Node auto-provisioning (abbreviated as NAP) is a multi-step effort to free Kubernetes users from worrying about how many nodes and in what size should they have in their clusters. So far we have completed two steps:

  • Cluster Autoscaler is able to scale a node group to/from 0: Doc
  • Cluster Autoscaler picks reasonable node group when scaling up: Doc

Once these two steps are completed we can focus on providing options for scale up that were not originally created during the configuration process.

Changes

Allowing CA to create node pools at will requires multiple changes in various places in CA and around it.

Configuration

Previously, when the node groups were fixed, the user had to just specify the minimum and maximum size of each of the node groups to keep the cluster within the allowed budget. With NAP it is becoming more complex. GCP machine prices (and other cloud provides as well) linearly depend on the number of cores and gb of memory (and possibly GPUs in the future) we can just ask user to set the min/max amount for each of the resources. So we will add the following flags to the CA:

  • --node-autoprovisioning - enables node autoprovisioning in CA
  • --min-cpu - min number of cpus in the cluster
  • --max-cpu - max number of cpus in the cluster
  • --min-memory - min size of memory (in gigabytes) in the cluster
  • --max-memory- max size of memory (in gigabytes) in the cluster
  • --autoprovisioning-prefix - node group name prefix by which CA will be able to tell autoprovisioned node group from the non-auoprovisioned. This by default will be equal to “nodeautoprovisioning”

Moreover, the users might want to keep some of the node pools always in the cluster. For that purpose we will allow them to specify the node groups explicitly in the same fashion as in regular CA using:

  • --nodes=min:max:id

It is assumed that if there is any extra node group/node pool in the cluster, that hasn’t been mentioned in the command line should stay exactly “as-is”.

While there are two options to express the boundaries for CA operations the precedence order is as follows:

  • --min-cpu, --max-cpu, --min-memory, --max-memory go first. They are not enforcing. If there is more/less resources in the cluster than desired CA will not immediately start/kill nodes. It will move only towards the expected boundaries when needed/appropriate. The difference between the expected cluster size and the current size will not grow. The flags are optional. If they are not specified then the assumption is that the limit is either 0 or +Inf.
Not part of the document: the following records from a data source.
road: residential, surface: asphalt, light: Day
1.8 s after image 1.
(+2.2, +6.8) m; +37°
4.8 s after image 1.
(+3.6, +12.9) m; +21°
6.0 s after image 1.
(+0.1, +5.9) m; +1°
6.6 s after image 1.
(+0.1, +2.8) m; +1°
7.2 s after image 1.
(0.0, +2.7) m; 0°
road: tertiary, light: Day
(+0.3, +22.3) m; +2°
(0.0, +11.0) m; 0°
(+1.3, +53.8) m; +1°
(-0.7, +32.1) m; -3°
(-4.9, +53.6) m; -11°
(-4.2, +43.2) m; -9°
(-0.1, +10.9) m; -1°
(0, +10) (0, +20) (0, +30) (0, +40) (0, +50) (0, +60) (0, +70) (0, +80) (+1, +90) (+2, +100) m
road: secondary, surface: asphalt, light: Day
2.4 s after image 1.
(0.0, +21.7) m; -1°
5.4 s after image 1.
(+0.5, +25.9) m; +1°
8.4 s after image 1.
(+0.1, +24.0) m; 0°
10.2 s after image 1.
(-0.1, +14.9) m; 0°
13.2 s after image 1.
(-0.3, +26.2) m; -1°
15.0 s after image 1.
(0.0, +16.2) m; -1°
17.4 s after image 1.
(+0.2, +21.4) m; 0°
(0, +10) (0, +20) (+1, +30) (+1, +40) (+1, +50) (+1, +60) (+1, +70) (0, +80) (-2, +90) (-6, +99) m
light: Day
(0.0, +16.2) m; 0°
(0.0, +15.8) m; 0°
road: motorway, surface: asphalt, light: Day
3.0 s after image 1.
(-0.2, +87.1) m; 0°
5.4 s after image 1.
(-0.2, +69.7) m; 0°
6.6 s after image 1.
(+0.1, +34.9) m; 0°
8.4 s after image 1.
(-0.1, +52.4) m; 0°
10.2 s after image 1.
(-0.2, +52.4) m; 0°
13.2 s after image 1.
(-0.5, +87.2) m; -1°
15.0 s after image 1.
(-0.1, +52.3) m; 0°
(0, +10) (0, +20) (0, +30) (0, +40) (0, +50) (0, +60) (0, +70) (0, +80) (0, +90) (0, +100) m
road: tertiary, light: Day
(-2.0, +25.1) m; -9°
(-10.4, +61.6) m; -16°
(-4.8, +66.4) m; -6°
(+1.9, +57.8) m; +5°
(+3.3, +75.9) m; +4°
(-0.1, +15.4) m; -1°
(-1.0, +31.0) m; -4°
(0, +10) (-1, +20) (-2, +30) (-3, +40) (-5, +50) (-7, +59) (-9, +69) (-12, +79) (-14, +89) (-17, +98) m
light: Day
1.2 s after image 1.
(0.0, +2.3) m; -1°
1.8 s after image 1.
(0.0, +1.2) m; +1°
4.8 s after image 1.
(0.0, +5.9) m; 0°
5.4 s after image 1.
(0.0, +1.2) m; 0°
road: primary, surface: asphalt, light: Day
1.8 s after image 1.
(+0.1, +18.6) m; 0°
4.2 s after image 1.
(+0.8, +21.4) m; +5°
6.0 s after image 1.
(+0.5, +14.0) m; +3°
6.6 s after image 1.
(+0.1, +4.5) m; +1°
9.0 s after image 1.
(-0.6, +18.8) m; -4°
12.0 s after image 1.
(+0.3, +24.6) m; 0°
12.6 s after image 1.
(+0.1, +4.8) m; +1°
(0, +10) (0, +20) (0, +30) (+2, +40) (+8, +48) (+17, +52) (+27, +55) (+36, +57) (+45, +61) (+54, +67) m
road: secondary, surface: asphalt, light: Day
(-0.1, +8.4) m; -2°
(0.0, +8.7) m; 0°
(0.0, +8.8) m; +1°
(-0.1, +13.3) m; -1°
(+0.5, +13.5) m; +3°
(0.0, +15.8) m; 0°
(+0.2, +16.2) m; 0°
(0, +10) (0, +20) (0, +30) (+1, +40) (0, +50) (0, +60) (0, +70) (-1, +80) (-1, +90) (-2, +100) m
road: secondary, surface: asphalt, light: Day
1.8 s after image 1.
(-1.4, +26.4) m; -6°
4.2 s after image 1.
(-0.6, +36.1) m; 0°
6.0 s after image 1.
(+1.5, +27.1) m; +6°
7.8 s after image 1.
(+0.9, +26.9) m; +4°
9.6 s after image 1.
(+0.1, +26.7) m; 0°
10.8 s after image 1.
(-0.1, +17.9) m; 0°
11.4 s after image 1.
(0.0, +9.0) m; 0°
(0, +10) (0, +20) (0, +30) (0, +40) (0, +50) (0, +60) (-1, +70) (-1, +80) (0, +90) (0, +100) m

  • --nodes=min:max:id will come second, when applicable. Nodes in that group may go between min and max only if --min-cpu/max-cpu/min-memory/max-memory constraints are met.

Example:

There 3 groups in the cluster:

  • “main” - not autoprovisioned (no prefix), not autoscaled (not be mentioned in CA’s configuration flags). Contains 2 x n1-standard2.

  • “as” - not autprovisioned (no prefix), autoscaled (mentioned in CA configuration flags) between 0 and 2 nodes. Contains 1 x n1-standard16.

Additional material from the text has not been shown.